Protective functions of exosomes have also been attributed to heat shock proteins (HSPs). HSPs can repair ion channels, restore redox balance, interact with nitric oxide-induced protection, inhibit proinflammatory cytokines, and prevent apoptosis pathway activation33. HSPs are intracellular chaperones important for correct protein homeostasis. Specifically Hsp70 and Hsp27 are capable of protection against irreversible injuries associated with ischemia reperfusion34,35,36. Hsp70 is secreted from cells by exosomes, and protects against oxidative stress and apoptosis; Hsp70 also maintains sarcomeric structure35,37,38. Vicencio showed that exosomal Hsp70 activates the downstream pathway of toll-like receptor (TLR) 4, leading to phosphorylation of Hsp279. Elevated levels of Hsp27 participate in cardioprotection by maintaining the integrity of microtubules and actin cytoskeleton, and protecting the endothelium from ischemia39,40. Hsp27 can also act as an endogenous cytoprotective stress response protein, eliciting cardioprotection after ischemic injury via its role as a molecular chaperone41. Hsp27 plays a role as a downstream effector of p38 MAPK during ischemic or β-adrenergic preconditioning protocols42. The Hsp70–TLR4–Hsp27 axis is one of the critical components in exosome-mediated cardioprotection.

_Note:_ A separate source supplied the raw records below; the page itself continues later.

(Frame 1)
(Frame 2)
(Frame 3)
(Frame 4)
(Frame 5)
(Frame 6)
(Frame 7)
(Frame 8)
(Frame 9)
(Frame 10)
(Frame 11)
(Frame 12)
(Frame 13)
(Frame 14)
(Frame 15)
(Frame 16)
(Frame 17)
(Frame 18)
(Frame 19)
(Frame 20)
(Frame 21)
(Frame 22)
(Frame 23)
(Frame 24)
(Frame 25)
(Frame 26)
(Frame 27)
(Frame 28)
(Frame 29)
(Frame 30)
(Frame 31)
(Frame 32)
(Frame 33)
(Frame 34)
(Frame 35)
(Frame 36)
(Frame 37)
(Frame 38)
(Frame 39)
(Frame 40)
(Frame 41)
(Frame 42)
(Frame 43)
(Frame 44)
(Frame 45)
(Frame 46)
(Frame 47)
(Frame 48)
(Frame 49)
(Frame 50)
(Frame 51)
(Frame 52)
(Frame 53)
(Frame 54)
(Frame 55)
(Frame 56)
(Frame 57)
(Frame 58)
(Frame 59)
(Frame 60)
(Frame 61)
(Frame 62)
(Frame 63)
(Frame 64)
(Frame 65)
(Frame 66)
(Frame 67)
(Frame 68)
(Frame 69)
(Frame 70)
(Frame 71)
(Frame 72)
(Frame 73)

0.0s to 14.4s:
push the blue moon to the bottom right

Exosomes from ADSCs promote neovascularization and alleviate inflammation and apoptosis after ischemia reperfusion43. Treatment of macrophages with ADSC-exosomes induces the anti-inflammatory M2 phenotype through transactivation of arginase-1 by exosome-carried active signal transducer and activator of transcription44. Luo demonstrated that exosomes from miR-126-overexpressing ADSCs decreased H9c2 myocardial cell injury by reducing inflammation factor expression during hypoxia induction45.

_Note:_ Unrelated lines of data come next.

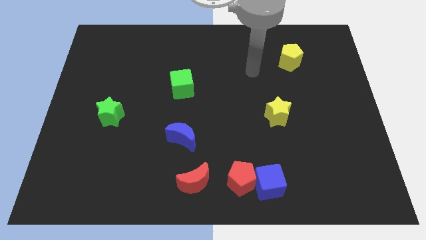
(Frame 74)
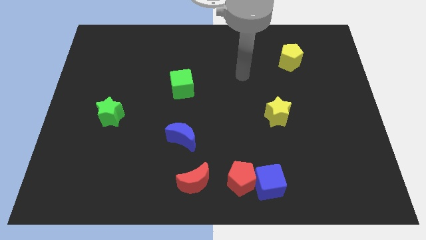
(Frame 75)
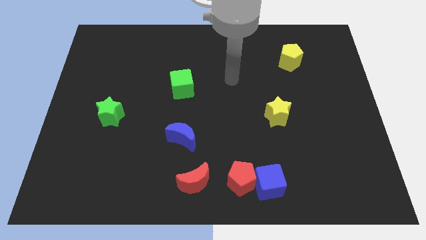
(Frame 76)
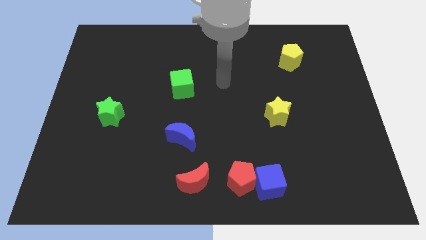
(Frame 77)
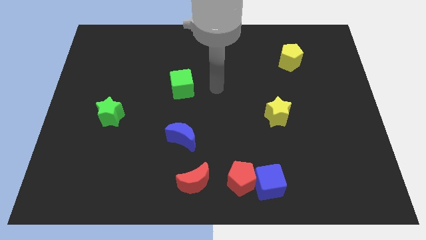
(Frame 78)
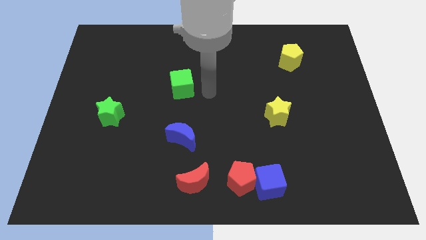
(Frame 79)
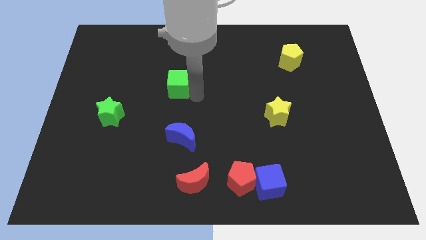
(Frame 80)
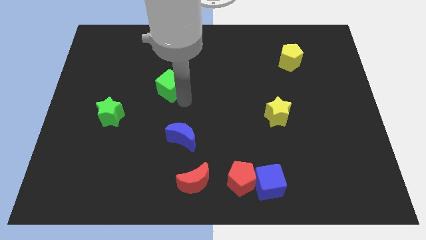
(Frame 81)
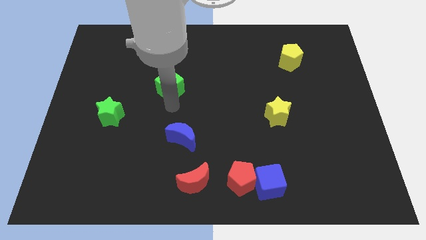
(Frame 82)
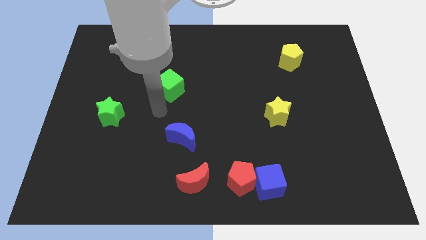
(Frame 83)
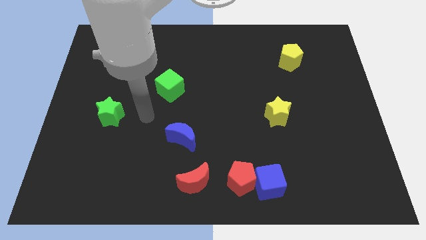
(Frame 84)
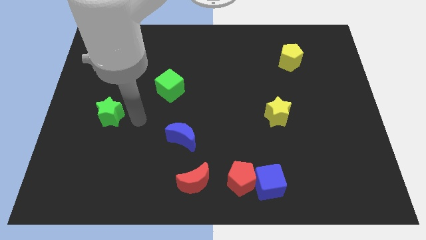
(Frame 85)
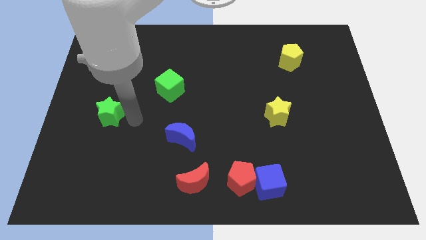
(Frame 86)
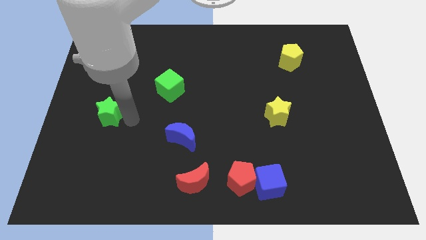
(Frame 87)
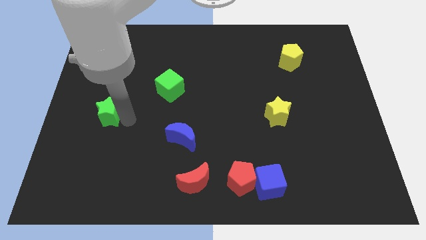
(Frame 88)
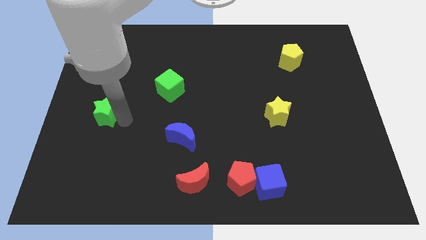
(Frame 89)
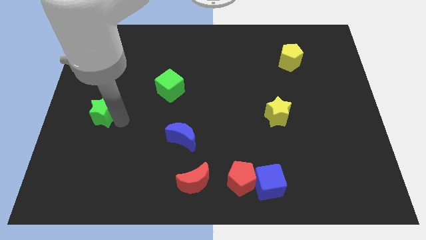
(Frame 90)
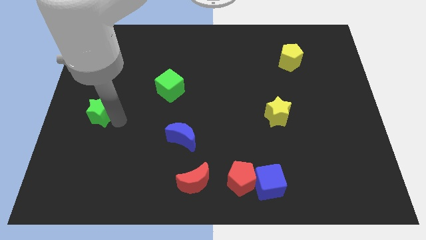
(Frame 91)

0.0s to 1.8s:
put the green star to the center left

Exosomes may also have a therapeutic effect by reprogramming the microenvironment. Exosome injections significantly reduced apoptosis, in rats that underwent ischemia reperfusion, by enhancing autophagy via the AMPK/mTOR and Akt/mTOR pathways22. IL-6, secreted from ADSC-exosomes, stimulated angiogenesis and enhanced recovery after ischemia reperfusion injury by the classic signaling pathway46.

In summary, a variety of stem cell exosomes can protect against ischemia injury in the myocardium. This study confirms that exosomes originating from ADSCs can protect cardiomyocytes from oxidative stress.